# Try it
Check each line of the records for "version"; collect those that have it.
********
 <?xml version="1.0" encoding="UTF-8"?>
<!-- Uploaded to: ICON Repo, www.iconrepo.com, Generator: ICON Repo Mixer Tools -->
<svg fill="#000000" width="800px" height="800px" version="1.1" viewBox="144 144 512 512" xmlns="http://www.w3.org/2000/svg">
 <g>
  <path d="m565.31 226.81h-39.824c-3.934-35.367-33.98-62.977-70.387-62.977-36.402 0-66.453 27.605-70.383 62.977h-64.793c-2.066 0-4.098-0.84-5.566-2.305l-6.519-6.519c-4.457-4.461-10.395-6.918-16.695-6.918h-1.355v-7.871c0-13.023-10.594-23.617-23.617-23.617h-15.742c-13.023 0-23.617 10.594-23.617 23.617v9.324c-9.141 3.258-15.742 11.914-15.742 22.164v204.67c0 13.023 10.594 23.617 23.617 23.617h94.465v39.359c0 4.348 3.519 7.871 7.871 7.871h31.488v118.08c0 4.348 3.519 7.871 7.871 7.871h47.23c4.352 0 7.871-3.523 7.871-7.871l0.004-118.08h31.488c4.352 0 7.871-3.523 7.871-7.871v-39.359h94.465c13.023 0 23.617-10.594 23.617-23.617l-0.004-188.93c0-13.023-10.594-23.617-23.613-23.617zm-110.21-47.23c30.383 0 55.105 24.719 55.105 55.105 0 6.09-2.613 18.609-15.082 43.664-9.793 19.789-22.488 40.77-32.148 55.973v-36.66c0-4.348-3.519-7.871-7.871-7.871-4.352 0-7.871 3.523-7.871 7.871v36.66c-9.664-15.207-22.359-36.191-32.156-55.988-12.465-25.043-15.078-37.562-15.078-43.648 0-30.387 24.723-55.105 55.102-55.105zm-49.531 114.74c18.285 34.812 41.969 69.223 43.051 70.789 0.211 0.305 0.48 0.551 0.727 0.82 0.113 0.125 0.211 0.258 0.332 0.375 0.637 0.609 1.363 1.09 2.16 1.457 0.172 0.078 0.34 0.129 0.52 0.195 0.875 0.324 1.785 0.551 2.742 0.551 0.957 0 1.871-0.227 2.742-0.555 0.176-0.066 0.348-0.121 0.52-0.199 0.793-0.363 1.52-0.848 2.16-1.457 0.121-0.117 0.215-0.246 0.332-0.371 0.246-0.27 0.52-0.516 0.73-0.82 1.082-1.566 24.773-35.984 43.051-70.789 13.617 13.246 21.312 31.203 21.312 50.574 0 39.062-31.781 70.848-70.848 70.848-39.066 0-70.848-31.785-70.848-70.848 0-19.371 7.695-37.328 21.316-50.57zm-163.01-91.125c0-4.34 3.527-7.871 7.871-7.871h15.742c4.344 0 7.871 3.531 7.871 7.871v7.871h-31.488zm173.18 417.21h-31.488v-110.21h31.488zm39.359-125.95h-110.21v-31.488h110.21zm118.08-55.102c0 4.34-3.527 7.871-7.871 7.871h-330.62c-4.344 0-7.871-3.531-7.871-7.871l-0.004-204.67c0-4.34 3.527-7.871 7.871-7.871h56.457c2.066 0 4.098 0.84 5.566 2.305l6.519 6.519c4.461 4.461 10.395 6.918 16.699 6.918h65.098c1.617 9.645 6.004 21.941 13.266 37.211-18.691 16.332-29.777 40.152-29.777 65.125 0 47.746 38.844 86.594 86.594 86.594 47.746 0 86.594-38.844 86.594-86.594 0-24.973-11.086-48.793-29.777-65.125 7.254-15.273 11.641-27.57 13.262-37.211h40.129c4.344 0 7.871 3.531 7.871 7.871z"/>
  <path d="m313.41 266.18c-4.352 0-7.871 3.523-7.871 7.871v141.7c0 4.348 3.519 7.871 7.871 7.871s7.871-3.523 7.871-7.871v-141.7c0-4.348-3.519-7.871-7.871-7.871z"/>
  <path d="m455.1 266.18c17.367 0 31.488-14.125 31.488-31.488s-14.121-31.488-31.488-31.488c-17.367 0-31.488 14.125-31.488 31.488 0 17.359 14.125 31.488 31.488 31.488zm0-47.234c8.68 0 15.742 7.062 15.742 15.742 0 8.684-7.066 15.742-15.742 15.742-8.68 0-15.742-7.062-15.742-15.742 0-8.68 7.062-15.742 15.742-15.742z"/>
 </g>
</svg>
********
# Reply to the task
 <?xml version="1.0" encoding="UTF-8"?>
<svg fill="#000000" width="800px" height="800px" version="1.1" viewBox="144 144 512 512" xmlns="http://www.w3.org/2000/svg">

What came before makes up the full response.